*** Recorded information ***
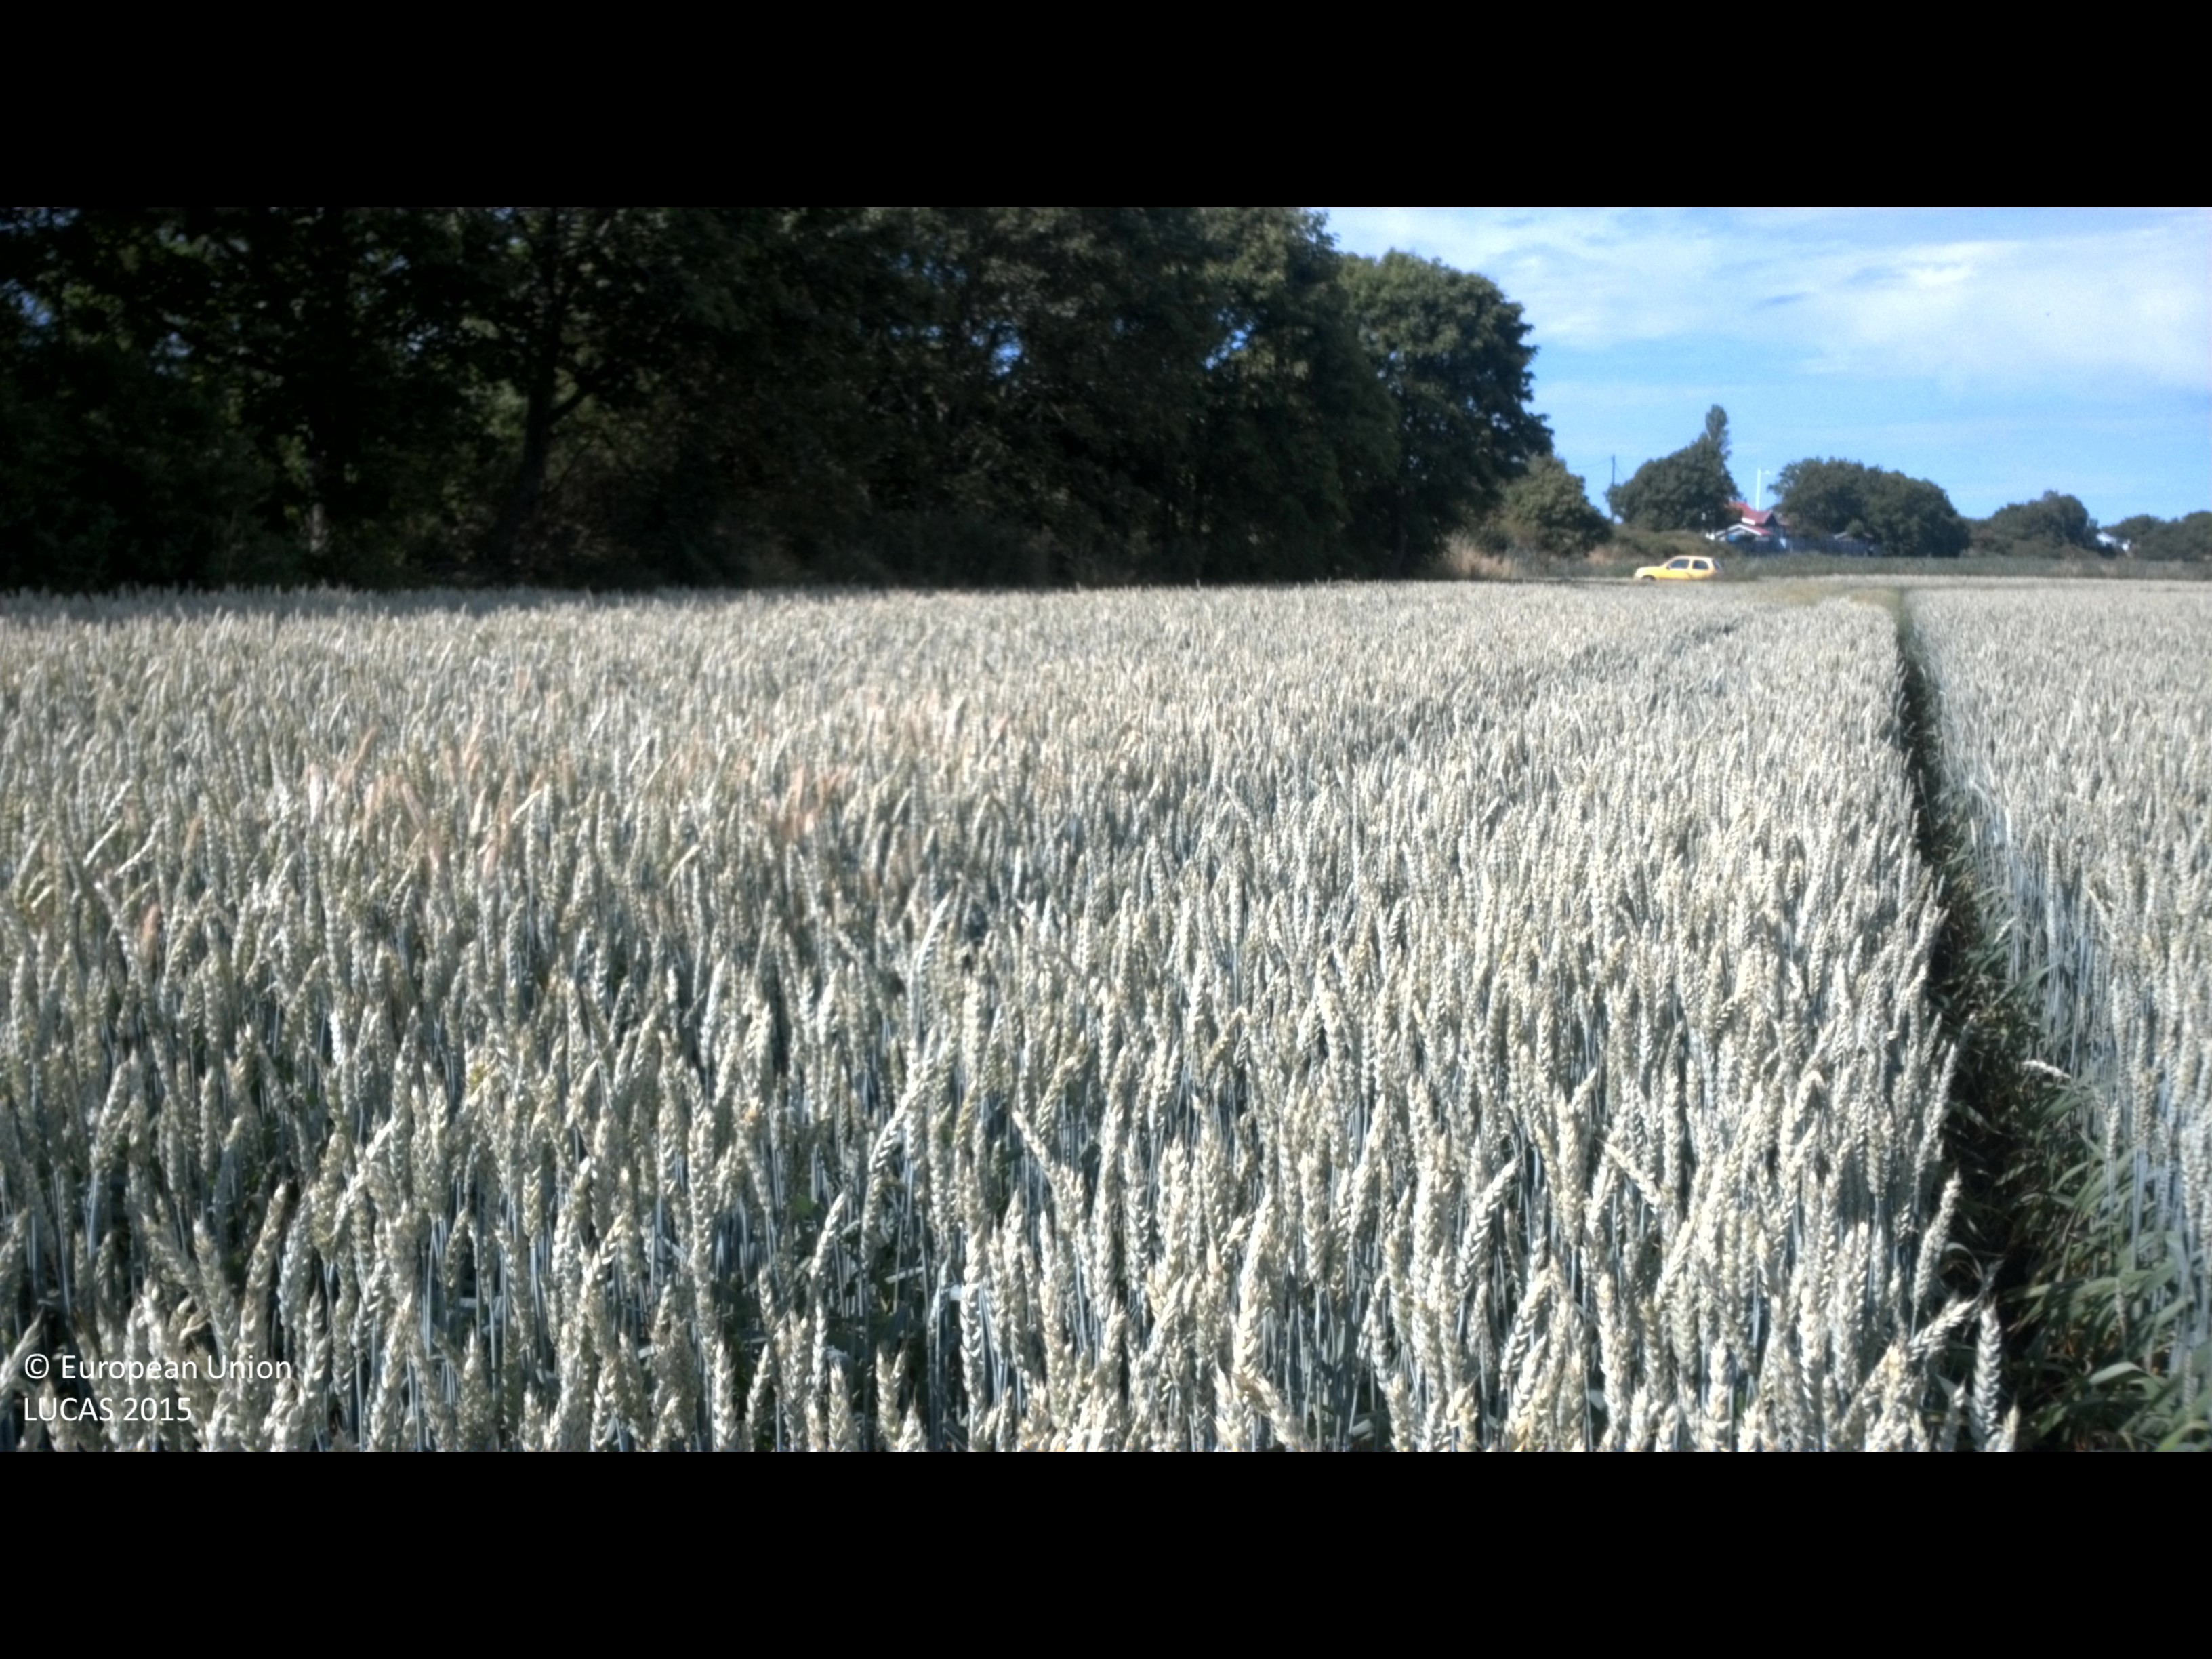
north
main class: Cropland
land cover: Common wheat
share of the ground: > 75 %
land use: Agriculture (excluding fallow land and kitchen gardens)
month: July
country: SE
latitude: 56.5841
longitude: 16.4652
***
§ Assignment: In your copy, restate the data above word for word but leave out any picture.

§ Exercise response:
north
main class: Cropland
land cover: Common wheat
share of the ground: > 75 %
land use: Agriculture (excluding fallow land and kitchen gardens)
month: July
country: SE
latitude: 56.5841
longitude: 16.4652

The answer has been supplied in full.